A collection of papers on the occasion of the Conference on the Future of Europe
Edited by Guido Montani and published under the auspices of The Altiero Spinelli Institute for Federalist Studies
The launch of the Conference on the Future of Europe comes in the year in which federalists are celebrating the 80th anniversary of the Ventotene Manifesto (drawn up in 1941 on the Mediterranean island where Mussolini imprisoned his opponents), and which will also see Glasgow hosting the COP26, the UN conference that will have to take crucial decisions to stop the human species plunging headlong into an irreversible environmental crisis. These three events taking place in 2021 present significant structural elements in common, not just a simple scheduling coincidence. This collection of short essays aims to illustrate the connections between these events and their political implications.
Our Director Brendan Donnelly has contributed a chapter on “Lessons for the Conference from Brexit”. He argues that, from a purely British perspective, a reinforced Union emerging from the Conference would be, ironically, the form of Union most likely to attract the United Kingdom into renewed membership of the Union.

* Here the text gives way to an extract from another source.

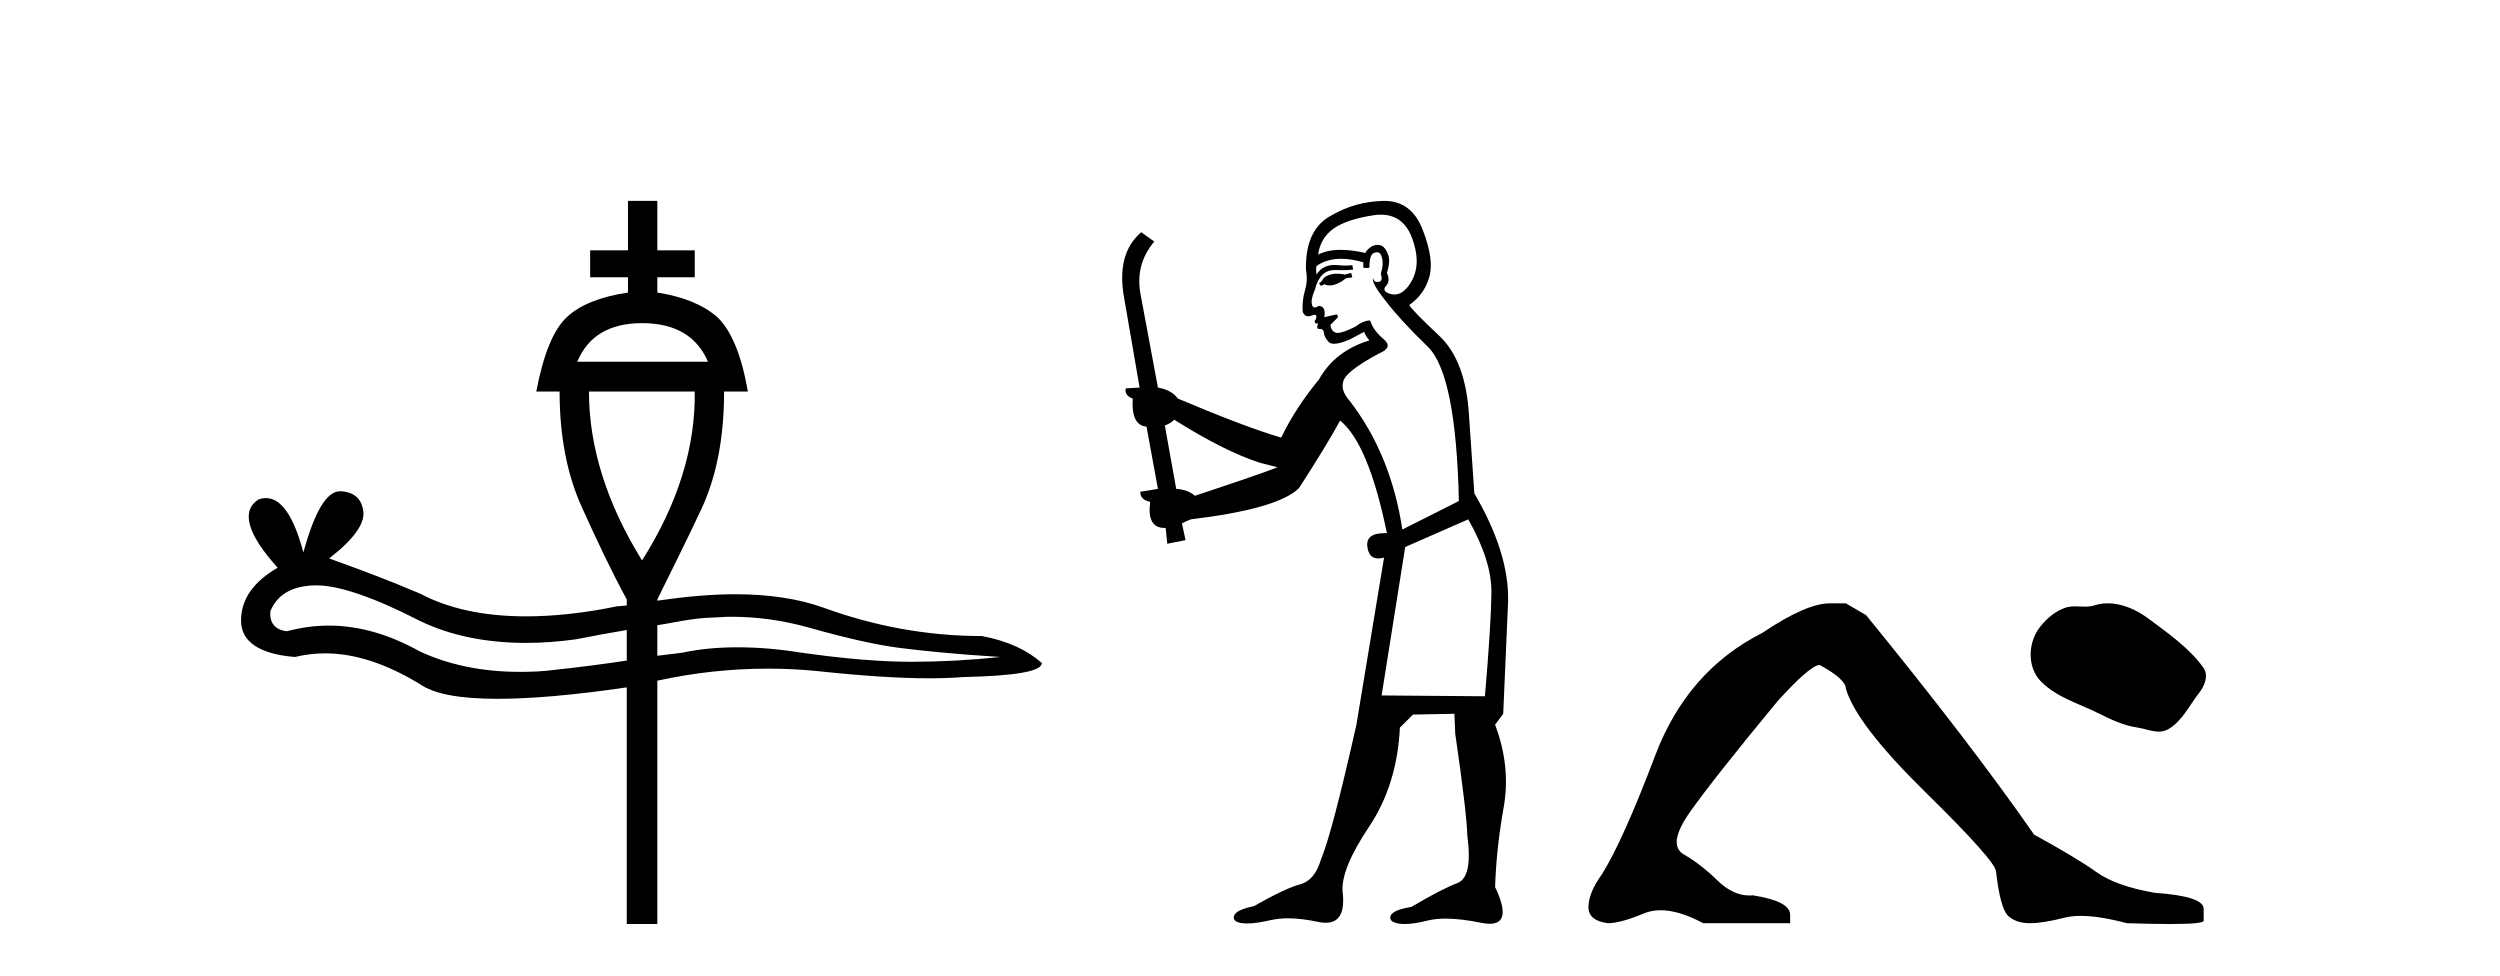 <?xml version='1.0' encoding='UTF-8' standalone='yes'?><svg xmlns='http://www.w3.org/2000/svg' xmlns:xlink='http://www.w3.org/1999/xlink' width='105.0' height='41.0' ><path d='M 26.966 13.572 C 28.368 13.572 29.28 14.13 29.736 15.194 L 24.246 15.194 C 24.685 14.13 25.581 13.572 26.966 13.572 ZM 29.179 16.444 C 29.213 18.758 28.486 21.14 26.966 23.539 C 25.479 21.14 24.736 18.758 24.736 16.444 ZM 30.716 25.904 C 31.814 25.904 32.895 26.056 33.976 26.36 C 35.598 26.816 36.814 27.086 37.726 27.204 C 38.639 27.323 40.074 27.475 42.017 27.593 C 40.75 27.728 39.483 27.795 38.267 27.795 C 37.051 27.795 35.513 27.677 33.621 27.407 C 32.676 27.255 31.797 27.187 30.986 27.187 C 30.159 27.187 29.398 27.255 28.689 27.407 C 28.368 27.458 27.963 27.491 27.608 27.542 L 27.608 26.258 C 28.081 26.191 28.503 26.089 28.993 26.022 C 29.415 25.954 29.854 25.937 30.277 25.92 C 30.412 25.904 30.564 25.904 30.716 25.904 ZM 13.3 24.586 C 14.229 24.586 15.682 25.076 17.624 26.072 C 18.874 26.681 20.378 27.002 22.101 27.002 C 22.76 27.002 23.469 26.951 24.196 26.85 C 24.871 26.714 25.614 26.579 26.324 26.461 L 26.324 27.745 C 25.412 27.88 24.415 28.015 23.3 28.133 C 22.81 28.201 22.32 28.218 21.831 28.218 C 20.26 28.218 18.858 27.931 17.624 27.356 C 16.324 26.63 15.057 26.275 13.807 26.275 C 13.215 26.275 12.624 26.36 12.05 26.512 C 11.56 26.461 11.307 26.157 11.357 25.667 C 11.644 24.974 12.253 24.62 13.182 24.586 ZM 26.375 8.437 L 26.375 10.515 L 24.787 10.515 L 24.787 11.646 L 26.375 11.646 L 26.375 12.288 C 25.209 12.457 24.348 12.812 23.807 13.319 C 23.25 13.842 22.827 14.856 22.523 16.444 L 23.503 16.444 C 23.503 18.285 23.807 19.924 24.449 21.326 C 25.074 22.711 25.682 23.995 26.324 25.177 L 26.324 25.431 C 26.189 25.447 26.071 25.447 25.919 25.464 C 24.533 25.752 23.25 25.887 22.084 25.887 C 20.327 25.887 18.841 25.566 17.624 24.924 C 16.357 24.383 15.091 23.91 13.824 23.454 C 14.871 22.643 15.327 21.985 15.259 21.478 C 15.192 20.954 14.888 20.667 14.313 20.633 L 14.28 20.633 C 13.722 20.633 13.215 21.478 12.742 23.201 C 12.337 21.68 11.813 20.92 11.172 20.92 C 11.07 20.92 10.969 20.937 10.867 20.971 C 10.107 21.444 10.378 22.424 11.661 23.843 C 10.648 24.434 10.124 25.16 10.124 26.072 C 10.124 26.951 10.901 27.475 12.388 27.593 C 12.81 27.491 13.232 27.441 13.655 27.441 C 14.888 27.441 16.205 27.863 17.624 28.725 C 18.216 29.147 19.297 29.35 20.902 29.35 C 22.287 29.35 24.077 29.198 26.273 28.877 L 26.324 28.877 L 26.324 38.809 L 27.608 38.809 L 27.608 28.589 C 29.145 28.252 30.699 28.083 32.253 28.083 C 32.946 28.083 33.638 28.116 34.314 28.184 C 36.206 28.387 37.777 28.488 39.027 28.488 C 39.551 28.488 40.024 28.471 40.446 28.437 C 42.642 28.387 43.757 28.201 43.757 27.846 C 43.149 27.306 42.321 26.917 41.24 26.714 C 38.926 26.714 36.696 26.292 34.567 25.515 C 33.52 25.143 32.287 24.958 30.868 24.958 C 29.871 24.958 28.773 25.059 27.608 25.228 L 27.608 25.177 C 28.182 23.995 28.841 22.711 29.483 21.326 C 30.125 19.924 30.412 18.285 30.412 16.444 L 31.409 16.444 C 31.138 14.856 30.682 13.842 30.125 13.319 C 29.55 12.812 28.706 12.457 27.608 12.288 L 27.608 11.646 L 29.179 11.646 L 29.179 10.515 L 27.608 10.515 L 27.608 8.437 Z' style='fill:#000000;stroke:none' /><path d='M 56.747 11.461 L 56.49 11.53 Q 56.311 11.495 56.157 11.495 Q 56.004 11.495 55.875 11.53 Q 55.619 11.615 55.568 11.717 Q 55.517 11.82 55.397 11.905 L 55.483 12.008 L 55.619 11.94 Q 55.727 11.988 55.848 11.988 Q 56.151 11.988 56.542 11.683 L 56.798 11.649 L 56.747 11.461 ZM 57.995 9.016 Q 58.918 9.016 59.292 9.958 Q 59.702 11.017 59.309 11.769 Q 58.981 12.37 58.565 12.37 Q 58.462 12.37 58.352 12.332 Q 58.062 12.23 58.181 12.042 Q 58.421 11.82 58.25 11.461 Q 58.421 10.915 58.284 10.658 Q 58.146 10.283 57.863 10.283 Q 57.759 10.283 57.635 10.334 Q 57.413 10.47 57.344 10.624 Q 56.771 10.494 56.314 10.494 Q 55.75 10.494 55.363 10.693 Q 55.448 10.009 56.012 9.599 Q 56.576 9.206 57.72 9.036 Q 57.863 9.016 57.995 9.016 ZM 49.316 17.628 Q 51.434 18.96 52.92 19.438 L 53.655 19.626 Q 52.92 19.917 50.187 20.822 Q 49.897 20.566 49.401 20.532 L 48.923 17.867 Q 49.145 17.799 49.316 17.628 ZM 57.834 10.595 Q 57.979 10.595 58.028 10.778 Q 58.13 11.068 57.994 11.495 Q 58.096 11.82 57.908 11.837 Q 57.877 11.842 57.849 11.842 Q 57.698 11.842 57.669 11.683 L 57.669 11.683 Q 57.584 11.871 58.199 12.64 Q 58.796 13.426 59.975 14.57 Q 61.154 15.732 61.273 21.044 L 58.899 22.24 Q 58.421 19.08 56.678 16.825 Q 56.251 16.347 56.456 15.92 Q 56.678 15.51 57.925 14.843 Q 58.54 14.587 58.096 14.228 Q 57.669 13.87 57.549 13.46 Q 57.259 13.46 56.935 13.716 Q 56.398 13.984 56.177 13.984 Q 56.13 13.984 56.098 13.972 Q 55.91 13.904 55.875 13.648 L 56.132 13.391 Q 56.251 13.289 56.132 13.204 L 55.619 13.323 Q 55.705 12.879 55.397 12.845 Q 55.29 12.914 55.22 12.914 Q 55.135 12.914 55.107 12.811 Q 55.038 12.589 55.226 12.162 Q 55.329 11.752 55.551 11.53 Q 55.756 11.34 56.077 11.34 Q 56.104 11.34 56.132 11.342 Q 56.251 11.347 56.369 11.347 Q 56.604 11.347 56.832 11.325 L 56.798 11.137 Q 56.67 11.154 56.52 11.154 Q 56.371 11.154 56.2 11.137 Q 56.121 11.128 56.047 11.128 Q 55.548 11.128 55.295 11.53 Q 55.26 11.273 55.295 11.171 Q 55.727 10.869 56.33 10.869 Q 56.753 10.869 57.259 11.017 L 57.259 11.239 Q 57.336 11.256 57.4 11.256 Q 57.464 11.256 57.515 11.239 Q 57.515 10.693 57.703 10.624 Q 57.776 10.595 57.834 10.595 ZM 61.666 21.813 Q 62.657 23.555 62.64 24.905 Q 62.623 26.254 62.367 29.243 L 58.028 29.209 L 59.019 22.974 L 61.666 21.813 ZM 58.142 8.437 Q 58.111 8.437 58.079 8.438 Q 56.9 8.472 55.91 9.053 Q 54.816 9.633 54.851 11.325 Q 54.936 11.786 54.799 12.23 Q 54.68 12.657 54.714 13.101 Q 54.787 13.284 54.947 13.284 Q 55.012 13.284 55.09 13.255 Q 55.169 13.22 55.217 13.22 Q 55.333 13.22 55.26 13.426 Q 55.192 13.46 55.226 13.545 Q 55.249 13.591 55.302 13.591 Q 55.329 13.591 55.363 13.579 L 55.363 13.579 Q 55.267 13.82 55.411 13.82 Q 55.421 13.82 55.431 13.819 Q 55.445 13.817 55.458 13.817 Q 55.587 13.817 55.602 13.972 Q 55.619 14.16 55.807 14.365 Q 55.881 14.439 56.031 14.439 Q 56.263 14.439 56.678 14.263 L 57.293 13.938 Q 57.344 14.092 57.515 14.297 Q 56.063 14.741 55.397 15.937 Q 54.423 17.115 53.809 18.379 Q 52.339 17.952 49.47 16.74 Q 49.213 16.381 48.633 16.278 L 47.898 12.332 Q 47.676 11.102 48.479 10.146 L 47.932 9.753 Q 46.873 10.658 47.215 12.52 L 47.864 16.278 L 47.283 16.312 Q 47.215 16.603 47.574 16.74 Q 47.505 17.867 48.154 17.918 L 48.633 20.532 Q 48.257 20.6 47.898 20.651 Q 47.864 20.976 48.308 21.078 Q 48.159 22.173 48.911 22.173 Q 48.934 22.173 48.957 22.172 L 49.026 22.838 L 49.794 22.684 L 49.641 21.984 Q 49.828 21.881 50.016 21.813 Q 53.689 21.369 54.56 20.498 Q 55.739 18.67 56.285 17.662 Q 57.481 18.636 58.25 22.394 Q 58.202 22.392 58.157 22.392 Q 57.349 22.392 57.43 22.974 Q 57.497 23.456 57.888 23.456 Q 57.997 23.456 58.13 23.419 L 58.13 23.419 L 56.969 30.439 Q 55.944 35 55.483 36.093 Q 55.226 36.964 54.628 37.135 Q 54.014 37.289 52.664 38.058 Q 51.912 38.211 51.827 38.468 Q 51.759 38.724 52.186 38.775 Q 52.274 38.786 52.379 38.786 Q 52.768 38.786 53.399 38.639 Q 53.72 38.57 54.101 38.57 Q 54.673 38.57 55.38 38.724 Q 55.543 38.756 55.68 38.756 Q 56.55 38.756 56.388 37.443 Q 56.32 36.486 57.498 34.727 Q 58.677 32.967 58.796 30.559 L 59.343 30.012 L 61.085 29.978 L 61.12 30.815 Q 61.598 34.095 61.632 35.137 Q 61.854 36.828 61.222 37.084 Q 60.573 37.323 59.275 38.092 Q 58.506 38.211 58.404 38.468 Q 58.318 38.724 58.762 38.792 Q 58.869 38.809 58.999 38.809 Q 59.39 38.809 59.992 38.656 Q 60.308 38.582 60.718 38.582 Q 61.352 38.582 62.213 38.758 Q 62.413 38.799 62.568 38.799 Q 63.529 38.799 62.794 37.255 Q 62.845 35.649 63.152 33.924 Q 63.46 32.199 62.794 30.439 L 63.135 29.978 L 63.34 25.263 Q 63.391 23.231 61.922 20.72 Q 61.854 19.797 61.7 17.474 Q 61.564 15.134 60.436 14.092 Q 59.309 13.033 59.189 12.811 Q 59.821 12.367 60.026 11.649 Q 60.248 10.915 59.753 9.651 Q 59.287 8.437 58.142 8.437 Z' style='fill:#000000;stroke:none' /><path d='M 76.852 25.34 Q 75.86 25.34 74.017 26.581 Q 70.862 28.176 69.515 31.738 Q 68.168 35.3 67.282 36.718 Q 66.715 37.498 66.715 38.1 Q 66.715 38.668 67.53 38.774 Q 68.062 38.774 69.037 38.366 Q 69.361 38.23 69.747 38.23 Q 70.519 38.23 71.535 38.774 L 75.186 38.774 L 75.186 38.419 Q 75.186 37.852 73.627 37.604 Q 73.554 37.611 73.482 37.611 Q 72.781 37.611 72.138 36.984 Q 71.429 36.293 70.72 35.885 Q 70.011 35.478 70.986 34.095 Q 71.961 32.713 74.655 29.452 Q 76.037 27.928 76.427 27.928 Q 77.526 28.53 77.526 28.92 Q 77.951 30.409 80.893 33.298 Q 83.835 36.186 83.835 36.612 Q 84.012 38.171 84.349 38.473 Q 84.685 38.774 85.252 38.774 Q 85.82 38.774 86.706 38.543 Q 87.001 38.467 87.391 38.467 Q 88.171 38.467 89.329 38.774 Q 90.416 38.809 91.136 38.809 Q 92.578 38.809 92.554 38.668 L 92.554 38.207 L 92.554 38.171 Q 92.554 37.64 90.498 37.498 Q 88.868 37.214 88.053 36.629 Q 87.237 36.045 85.43 35.052 Q 82.771 31.224 78.376 25.837 L 77.526 25.34 Z' style='fill:#000000;stroke:none' /><path d='M 88.532 25.34 C 88.342 25.34 88.151 25.367 87.963 25.428 C 87.836 25.468 87.705 25.478 87.574 25.478 C 87.433 25.478 87.292 25.467 87.152 25.467 C 87.02 25.467 86.89 25.477 86.765 25.518 C 86.333 25.657 85.962 25.974 85.682 26.329 C 85.172 26.976 85.121 28.024 85.734 28.636 C 86.403 29.304 87.336 29.555 88.157 29.969 C 88.67 30.228 89.197 30.472 89.77 30.556 C 90.062 30.598 90.371 30.728 90.669 30.728 C 90.806 30.728 90.941 30.7 91.072 30.624 C 91.654 30.283 91.946 29.635 92.349 29.121 C 92.593 28.81 92.784 28.371 92.531 28.025 C 91.928 27.199 91.068 26.606 90.256 25.997 C 89.762 25.627 89.151 25.34 88.532 25.34 Z' style='fill:#000000;stroke:none' /></svg>

It should be recalled that the UK’s original membership of the EU arose from a time when the UK was politically and economically at a low ebb and the European Community seemed an anchor of prosperity and stability to which the buffeted British state could attach itself. It may well be that in the coming years the British state will be heading into stormy waters, both economically and constitutionally. If the Conference can be the start of a process whereby the Union is once again seen as a powerful and challenging neighbour from association with which the UK could benefit, the calculus of sovereignty-sharing may rapidly change for the British electorate.